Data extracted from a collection
++++++++++++++++++++

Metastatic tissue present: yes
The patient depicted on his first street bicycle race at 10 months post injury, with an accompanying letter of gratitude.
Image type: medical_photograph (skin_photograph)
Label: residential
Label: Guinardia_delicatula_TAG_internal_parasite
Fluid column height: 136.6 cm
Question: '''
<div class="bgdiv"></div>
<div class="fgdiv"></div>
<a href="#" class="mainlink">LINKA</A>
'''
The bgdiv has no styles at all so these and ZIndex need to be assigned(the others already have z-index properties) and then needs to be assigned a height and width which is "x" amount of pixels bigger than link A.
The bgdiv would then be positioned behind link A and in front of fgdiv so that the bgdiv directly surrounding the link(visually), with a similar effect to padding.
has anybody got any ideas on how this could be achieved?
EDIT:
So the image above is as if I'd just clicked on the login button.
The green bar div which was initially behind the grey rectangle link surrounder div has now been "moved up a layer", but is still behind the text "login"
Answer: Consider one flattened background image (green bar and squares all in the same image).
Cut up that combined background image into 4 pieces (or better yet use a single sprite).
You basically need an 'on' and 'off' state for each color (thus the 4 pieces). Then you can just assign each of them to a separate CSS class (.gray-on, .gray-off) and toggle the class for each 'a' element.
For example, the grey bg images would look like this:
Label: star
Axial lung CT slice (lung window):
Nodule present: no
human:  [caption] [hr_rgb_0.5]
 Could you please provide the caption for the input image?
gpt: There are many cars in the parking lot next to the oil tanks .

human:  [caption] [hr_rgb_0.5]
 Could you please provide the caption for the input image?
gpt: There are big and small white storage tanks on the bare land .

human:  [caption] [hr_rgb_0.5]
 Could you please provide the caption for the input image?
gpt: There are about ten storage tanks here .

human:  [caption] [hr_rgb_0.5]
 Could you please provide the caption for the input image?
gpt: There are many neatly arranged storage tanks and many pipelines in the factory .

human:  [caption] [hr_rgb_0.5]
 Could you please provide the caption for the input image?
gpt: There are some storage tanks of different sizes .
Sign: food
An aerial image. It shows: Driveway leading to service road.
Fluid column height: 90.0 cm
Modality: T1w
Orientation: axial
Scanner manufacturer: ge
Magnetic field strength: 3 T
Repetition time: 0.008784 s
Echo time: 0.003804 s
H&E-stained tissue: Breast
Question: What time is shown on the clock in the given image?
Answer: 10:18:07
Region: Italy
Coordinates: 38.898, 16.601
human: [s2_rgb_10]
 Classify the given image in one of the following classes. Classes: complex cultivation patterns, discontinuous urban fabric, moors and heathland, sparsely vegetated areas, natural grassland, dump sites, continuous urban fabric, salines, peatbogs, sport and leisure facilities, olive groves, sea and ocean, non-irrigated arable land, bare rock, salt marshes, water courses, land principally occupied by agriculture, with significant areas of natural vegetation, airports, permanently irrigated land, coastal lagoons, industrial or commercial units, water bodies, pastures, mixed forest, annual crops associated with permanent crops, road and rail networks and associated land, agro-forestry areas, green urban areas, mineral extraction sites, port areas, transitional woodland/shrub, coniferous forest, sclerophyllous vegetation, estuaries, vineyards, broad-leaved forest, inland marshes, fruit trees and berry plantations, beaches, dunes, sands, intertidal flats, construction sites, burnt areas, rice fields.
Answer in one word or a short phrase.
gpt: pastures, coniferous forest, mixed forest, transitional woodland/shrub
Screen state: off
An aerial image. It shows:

++++++++++++++++++++

◆ WHAT YOU NEED TO DO ◆
Go to the line with "gpt: There are about ten storage tanks here ." in the entries above and repeat every line from there through the line with "human: [s2_rgb_10]", exactly and with no other text.

◆ ANSWER SECTION ◆
gpt: There are about ten storage tanks here .

human:  [caption] [hr_rgb_0.5]
 Could you please provide the caption for the input image?
gpt: There are many neatly arranged storage tanks and many pipelines in the factory .

human:  [caption] [hr_rgb_0.5]
 Could you please provide the caption for the input image?
gpt: There are some storage tanks of different sizes .
Sign: food
An aerial image. It shows: Driveway leading to service road.
Fluid column height: 90.0 cm
Modality: T1w
Orientation: axial
Scanner manufacturer: ge
Magnetic field strength: 3 T
Repetition time: 0.008784 s
Echo time: 0.003804 s
H&E-stained tissue: Breast
Question: What time is shown on the clock in the given image?
Answer: 10:18:07
Region: Italy
Coordinates: 38.898, 16.601
human: [s2_rgb_10]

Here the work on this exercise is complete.